8 Ways For Highly Sensitive People to Break Free From Loneliness

8 Ways For Highly Sensitive People To Break Free From Loneliness

October 31, 2019

Although it has taken me some time to write this article, I have been actively experimenting with techniques to break free from the loneliness I discussed in my last article.

I have recently discovered that loneliness can be temporary or it may be complex and chronic in nature. I am also realizing there is no quick and easy fix to my chronic sense of loneliness.

I do not believe one is hopeless in such a situation, as the healing process requires time and patience to overcome this obstacle.

I know many highly sensitive people can relate to my experience with loneliness. Therefore, I would love to share with you eight beneficial coping strategies that are bringing me a sense of relief on my healing path!
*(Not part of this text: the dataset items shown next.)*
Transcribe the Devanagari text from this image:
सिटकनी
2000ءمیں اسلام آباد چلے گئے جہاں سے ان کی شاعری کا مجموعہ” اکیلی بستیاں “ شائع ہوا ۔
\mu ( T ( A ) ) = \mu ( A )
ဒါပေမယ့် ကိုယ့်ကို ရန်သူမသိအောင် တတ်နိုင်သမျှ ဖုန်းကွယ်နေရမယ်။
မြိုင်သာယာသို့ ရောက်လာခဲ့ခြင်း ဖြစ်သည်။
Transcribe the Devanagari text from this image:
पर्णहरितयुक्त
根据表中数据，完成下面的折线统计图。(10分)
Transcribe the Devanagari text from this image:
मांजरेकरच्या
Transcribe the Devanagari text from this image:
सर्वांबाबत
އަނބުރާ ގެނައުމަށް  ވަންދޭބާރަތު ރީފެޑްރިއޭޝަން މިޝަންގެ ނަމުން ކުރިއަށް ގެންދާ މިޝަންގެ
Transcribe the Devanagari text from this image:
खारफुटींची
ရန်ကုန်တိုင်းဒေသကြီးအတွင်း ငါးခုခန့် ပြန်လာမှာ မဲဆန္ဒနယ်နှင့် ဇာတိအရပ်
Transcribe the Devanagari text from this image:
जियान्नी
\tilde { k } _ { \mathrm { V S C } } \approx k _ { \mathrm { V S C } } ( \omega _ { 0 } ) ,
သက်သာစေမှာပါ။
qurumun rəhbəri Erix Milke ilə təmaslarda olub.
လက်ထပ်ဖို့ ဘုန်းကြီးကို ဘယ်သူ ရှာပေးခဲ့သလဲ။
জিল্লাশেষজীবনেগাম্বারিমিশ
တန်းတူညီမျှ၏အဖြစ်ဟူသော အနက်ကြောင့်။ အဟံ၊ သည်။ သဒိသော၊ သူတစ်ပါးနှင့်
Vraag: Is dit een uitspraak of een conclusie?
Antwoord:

8 Ways a Highly Sensitive Person Can Break Free From the Chains of Loneliness and Gain a Sense of Connection!

1. Awareness

Being aware that you are lonely, rather than simply embracing solitude can be the first step to addressing an issue with loneliness. Having awareness about your vulnerabilities such as being HSP, experiencing grief, trauma, etc... It is also important to be aware that you are not alone and that there are others out there going through similar experiences. There truly is an abundance of support and like minded people in the world if you are willing to receive it!

2. Healing Work

Many highly sensitive people come from backgrounds filled with complex trauma or abuse that may have impacted the body mind and spirit of these sensitive souls. Therefore, an integrative approach may be beneficial in order to address the various underlying aspects that lead to a chronic sense of loneliness. For example, tending to one's physical, mental, and spiritual needs. Healing modalities may range from counseling, addiction recovery, therapy, support groups, alternative methods, and general health care. It may also require a degree of patience along with vigilance during the healing process and I know it is not an easy path (but worth it!)
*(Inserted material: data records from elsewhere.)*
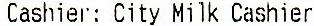
CASHIER: CITY MILK CASHIER
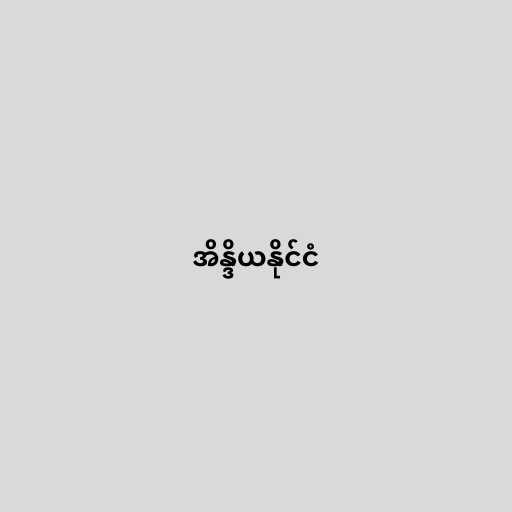
အိန္ဒိယနိုင်ငံ
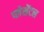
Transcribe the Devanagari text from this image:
प्लेसेंटल
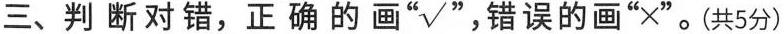
三、判断对错，正确的画”☑” ，错误的画”×”。

3. Make Connection a Priority and Build It Into a Routine.

 An excellent way to integrate a sense of connection with routine, is by starting small and increasing socialization gradually. Since everyone has different personal and social needs, increasing one's sense of connection may look different from person to person. This may simply include going out for a walk, a friendly greeting to another person, connecting with the essence of nature, blocking out a specific time to spend with a close friend regularly. I personally find elements of comfort to be helpful( i.e. person, place, object, or existing routine), while transitioning to a new routine. As you gradually experiment with this concept, observe how each activity makes you feel to track progress over time. Over time, you can gain momentum and see how far you have come!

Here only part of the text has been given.